■ MATERIAL FOR THIS TASK
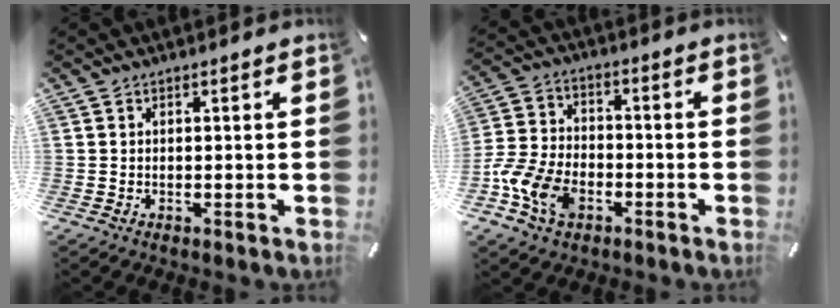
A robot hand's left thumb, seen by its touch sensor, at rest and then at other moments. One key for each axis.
{"total": 11.1, "fx": -5.3, "fy": 7.5, "fz": 6.2, "tx": -0.137, "ty": 0.025, "tz": -0.096}
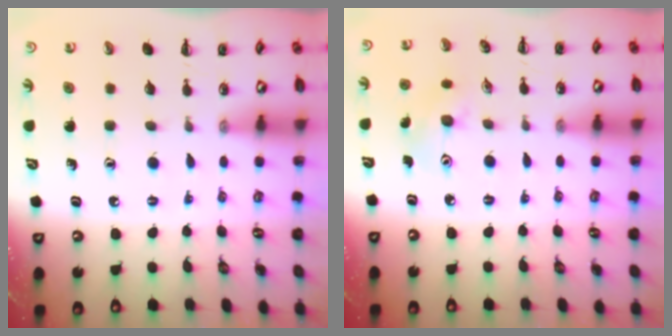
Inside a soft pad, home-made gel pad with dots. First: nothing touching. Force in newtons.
{"total": 5.6, "press": 5.5, "slide": 1.0}
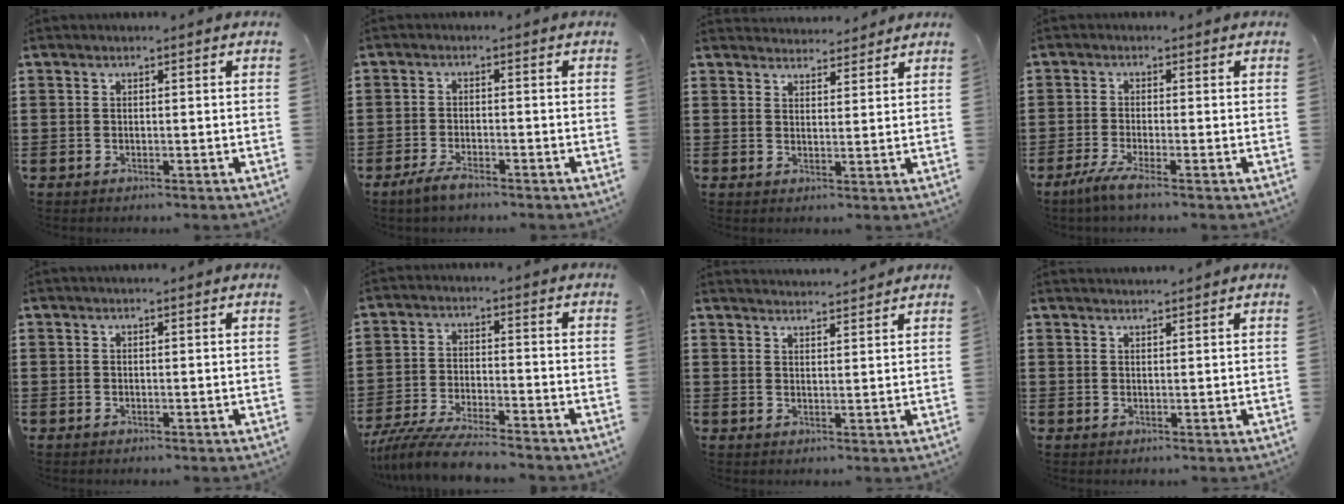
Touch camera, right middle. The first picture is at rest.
{"total": 2.7, "force": [-1.9, 0.8, 1.8], "torque": [-0.044, 0.001, -0.042]}
{"total": 3.1, "force": [3.1, 0.4, -0.4], "torque": [0.008, -0.012, 0.058]}
{"total": 3.0, "force": [-1.8, -0.1, 2.4], "torque": [-0.063, -0.013, -0.038]}
{"total": 0.0}
{"total": 6.9, "force": [-6.4, 0.4, 2.5], "torque": [-0.060, -0.007, -0.127]}
{"total": 2.7, "force": [2.6, -0.4, -0.2], "torque": [-0.002, -0.006, 0.050]}
{"total": 1.4, "force": [1.4, -0.2, 0.1], "torque": [-0.003, 0.000, 0.026]}
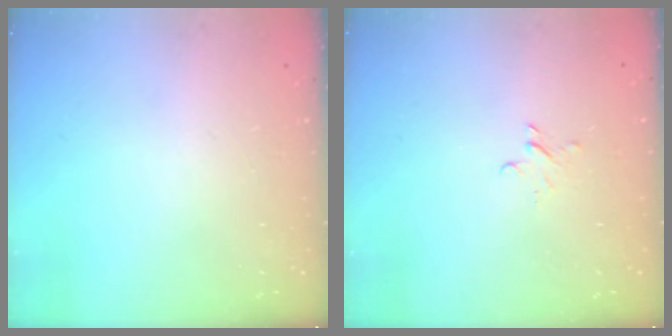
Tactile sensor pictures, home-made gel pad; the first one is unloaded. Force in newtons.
{"total": 2.2, "press": 2.2, "slide": 0.2}
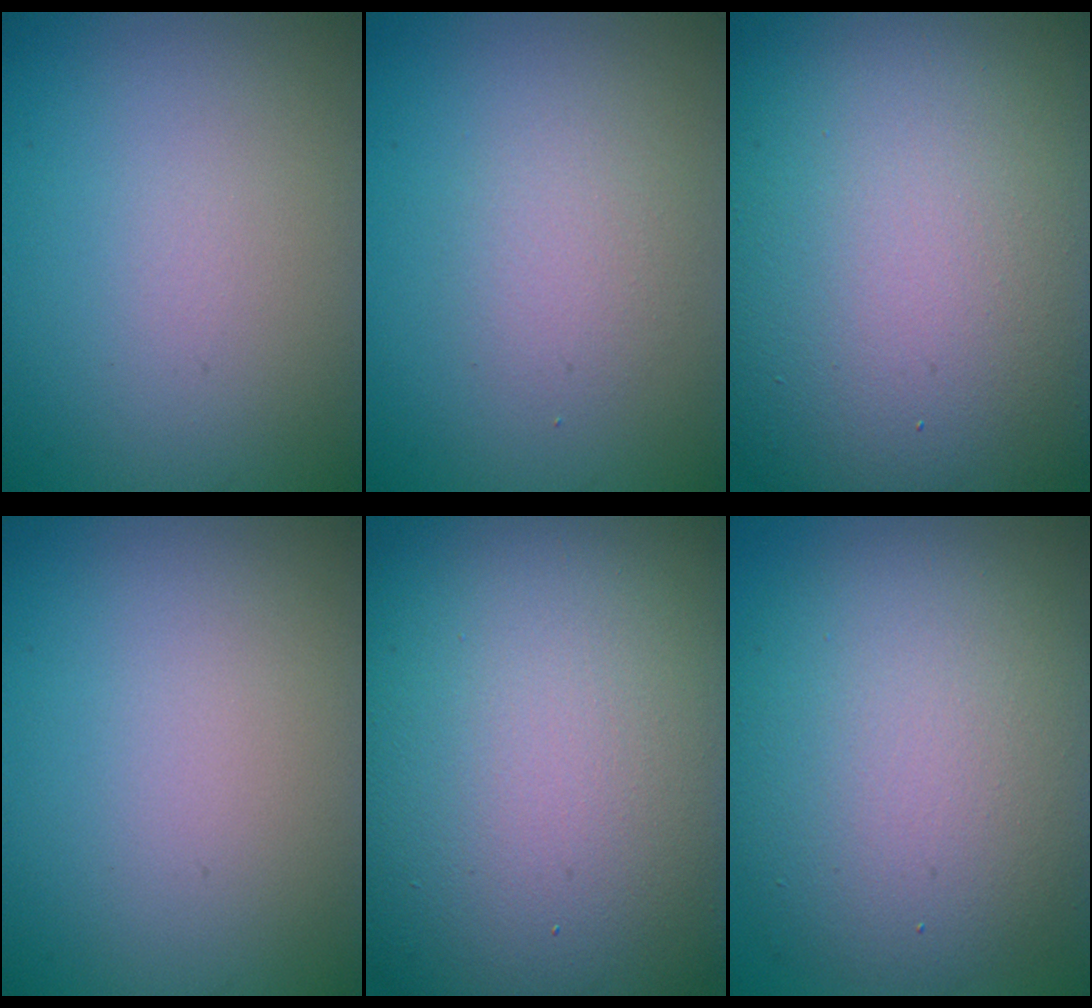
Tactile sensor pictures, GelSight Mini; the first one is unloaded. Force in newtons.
{"total": 1.7, "press": 1.7, "slide": 0.0}
{"total": 20.2, "press": 20.2, "slide": 0.8}
{"total": 0.0}
{"total": 22.1, "press": 22.1, "slide": 0.9}
{"total": 9.7, "press": 9.7, "slide": 0.6}
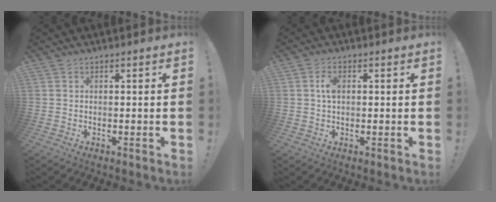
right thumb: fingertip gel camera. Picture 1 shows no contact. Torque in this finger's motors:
{"motor_torque": [0.00, 0.00, 0.00, 0.00, 0.00]}
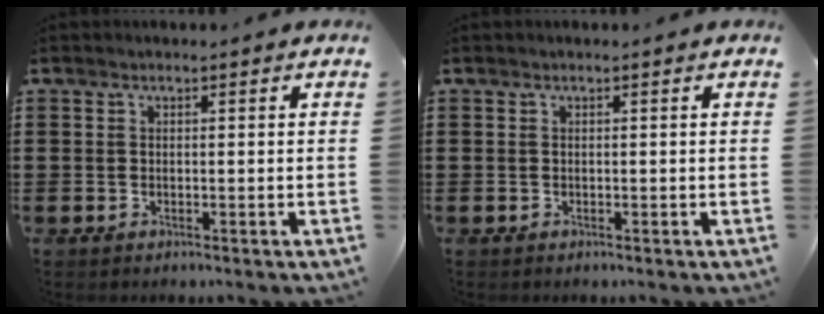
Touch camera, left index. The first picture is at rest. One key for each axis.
{"total": 0.0}
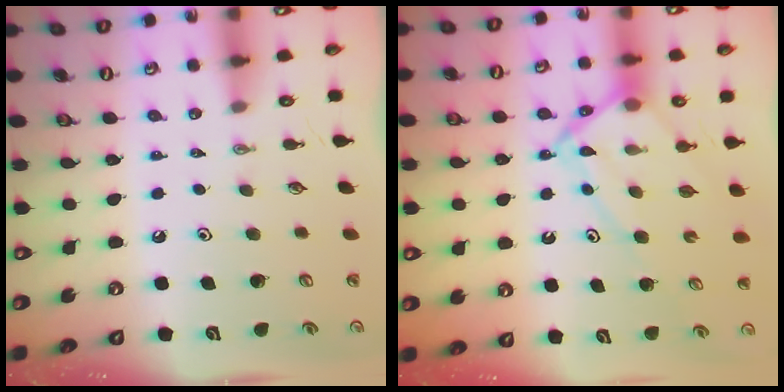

■ ACTION ITEM
With all pictures omitted, return exactly the lines from the one containing "Touch camera, right" through the end of the entries above.

■ TASK SOLUTION
Touch camera, right middle. The first picture is at rest.
{"total": 2.7, "force": [-1.9, 0.8, 1.8], "torque": [-0.044, 0.001, -0.042]}
{"total": 3.1, "force": [3.1, 0.4, -0.4], "torque": [0.008, -0.012, 0.058]}
{"total": 3.0, "force": [-1.8, -0.1, 2.4], "torque": [-0.063, -0.013, -0.038]}
{"total": 0.0}
{"total": 6.9, "force": [-6.4, 0.4, 2.5], "torque": [-0.060, -0.007, -0.127]}
{"total": 2.7, "force": [2.6, -0.4, -0.2], "torque": [-0.002, -0.006, 0.050]}
{"total": 1.4, "force": [1.4, -0.2, 0.1], "torque": [-0.003, 0.000, 0.026]}
Tactile sensor pictures, home-made gel pad; the first one is unloaded. Force in newtons.
{"total": 2.2, "press": 2.2, "slide": 0.2}
Tactile sensor pictures, GelSight Mini; the first one is unloaded. Force in newtons.
{"total": 1.7, "press": 1.7, "slide": 0.0}
{"total": 20.2, "press": 20.2, "slide": 0.8}
{"total": 0.0}
{"total": 22.1, "press": 22.1, "slide": 0.9}
{"total": 9.7, "press": 9.7, "slide": 0.6}
right thumb: fingertip gel camera. Picture 1 shows no contact. Torque in this finger's motors:
{"motor_torque": [0.00, 0.00, 0.00, 0.00, 0.00]}
Touch camera, left index. The first picture is at rest. One key for each axis.
{"total": 0.0}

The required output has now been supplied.